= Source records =
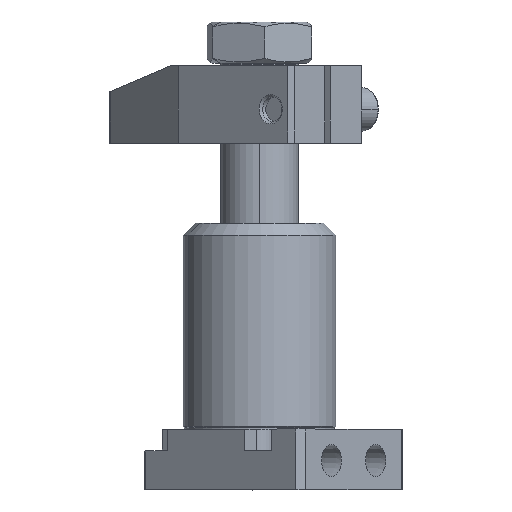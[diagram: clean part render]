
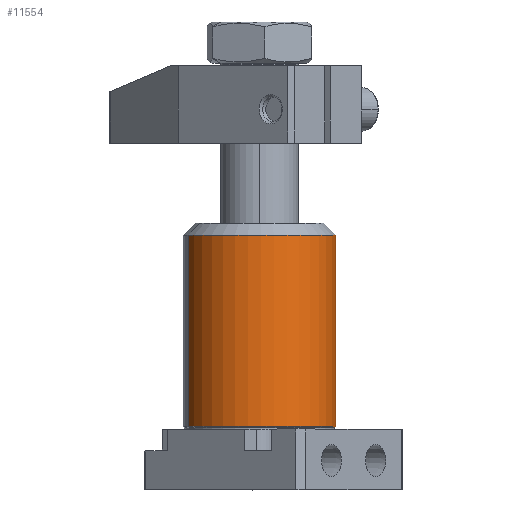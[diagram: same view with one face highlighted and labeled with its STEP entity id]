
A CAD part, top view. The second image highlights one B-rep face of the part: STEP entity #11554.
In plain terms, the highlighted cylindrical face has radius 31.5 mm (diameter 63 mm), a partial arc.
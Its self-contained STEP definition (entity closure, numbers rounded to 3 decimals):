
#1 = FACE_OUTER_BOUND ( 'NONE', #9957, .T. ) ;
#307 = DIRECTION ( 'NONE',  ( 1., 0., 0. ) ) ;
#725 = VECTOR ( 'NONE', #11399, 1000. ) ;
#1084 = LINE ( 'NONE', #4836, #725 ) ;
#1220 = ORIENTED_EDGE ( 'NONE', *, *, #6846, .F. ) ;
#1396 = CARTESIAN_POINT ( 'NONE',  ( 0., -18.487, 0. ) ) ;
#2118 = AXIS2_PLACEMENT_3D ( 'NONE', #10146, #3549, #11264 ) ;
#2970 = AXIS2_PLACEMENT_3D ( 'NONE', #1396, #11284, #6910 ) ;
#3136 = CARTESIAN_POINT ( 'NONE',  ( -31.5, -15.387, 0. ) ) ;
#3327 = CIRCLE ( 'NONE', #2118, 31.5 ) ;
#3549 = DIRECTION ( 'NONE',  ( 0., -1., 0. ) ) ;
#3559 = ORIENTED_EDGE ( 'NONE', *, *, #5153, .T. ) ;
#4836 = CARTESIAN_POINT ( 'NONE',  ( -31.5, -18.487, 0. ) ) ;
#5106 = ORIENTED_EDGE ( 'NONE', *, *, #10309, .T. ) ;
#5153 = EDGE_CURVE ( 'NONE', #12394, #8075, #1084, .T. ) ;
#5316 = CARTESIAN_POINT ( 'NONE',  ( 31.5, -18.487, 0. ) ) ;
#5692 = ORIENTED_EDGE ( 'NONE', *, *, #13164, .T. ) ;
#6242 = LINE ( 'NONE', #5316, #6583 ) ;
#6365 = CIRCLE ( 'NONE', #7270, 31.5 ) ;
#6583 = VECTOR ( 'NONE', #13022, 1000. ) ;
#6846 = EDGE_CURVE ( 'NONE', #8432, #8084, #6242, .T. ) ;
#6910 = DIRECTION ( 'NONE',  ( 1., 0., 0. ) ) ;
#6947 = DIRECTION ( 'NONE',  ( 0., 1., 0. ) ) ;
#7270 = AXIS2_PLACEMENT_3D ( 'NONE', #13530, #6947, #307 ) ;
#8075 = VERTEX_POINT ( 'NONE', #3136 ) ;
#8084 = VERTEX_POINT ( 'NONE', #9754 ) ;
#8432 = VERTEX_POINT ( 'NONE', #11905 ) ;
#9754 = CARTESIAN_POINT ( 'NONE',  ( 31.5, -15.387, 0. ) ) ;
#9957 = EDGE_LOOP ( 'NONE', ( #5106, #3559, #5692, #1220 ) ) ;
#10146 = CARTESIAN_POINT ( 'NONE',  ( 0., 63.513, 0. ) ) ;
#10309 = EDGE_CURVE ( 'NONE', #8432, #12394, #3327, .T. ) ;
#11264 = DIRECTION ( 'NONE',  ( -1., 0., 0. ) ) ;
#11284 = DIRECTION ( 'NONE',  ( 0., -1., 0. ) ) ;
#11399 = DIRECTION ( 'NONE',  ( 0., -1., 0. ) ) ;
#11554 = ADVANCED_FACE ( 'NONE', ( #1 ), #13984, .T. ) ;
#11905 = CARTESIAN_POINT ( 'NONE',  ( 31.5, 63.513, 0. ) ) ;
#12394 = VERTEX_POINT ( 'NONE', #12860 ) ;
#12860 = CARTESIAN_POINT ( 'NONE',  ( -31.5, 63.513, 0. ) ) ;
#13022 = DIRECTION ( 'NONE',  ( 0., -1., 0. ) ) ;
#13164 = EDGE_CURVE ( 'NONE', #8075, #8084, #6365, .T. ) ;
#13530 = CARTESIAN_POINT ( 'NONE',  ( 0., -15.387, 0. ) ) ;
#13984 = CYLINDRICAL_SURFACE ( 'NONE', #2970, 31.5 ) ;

= What to produce =
Copy each line, exactly, that falls between the line containing "#11554 = ADVANCED_FACE" and the end of the entries, both included.

= Exercise response =
#11554 = ADVANCED_FACE ( 'NONE', ( #1 ), #13984, .T. ) ;
#11905 = CARTESIAN_POINT ( 'NONE',  ( 31.5, 63.513, 0. ) ) ;
#12394 = VERTEX_POINT ( 'NONE', #12860 ) ;
#12860 = CARTESIAN_POINT ( 'NONE',  ( -31.5, 63.513, 0. ) ) ;
#13022 = DIRECTION ( 'NONE',  ( 0., -1., 0. ) ) ;
#13164 = EDGE_CURVE ( 'NONE', #8075, #8084, #6365, .T. ) ;
#13530 = CARTESIAN_POINT ( 'NONE',  ( 0., -15.387, 0. ) ) ;
#13984 = CYLINDRICAL_SURFACE ( 'NONE', #2970, 31.5 ) ;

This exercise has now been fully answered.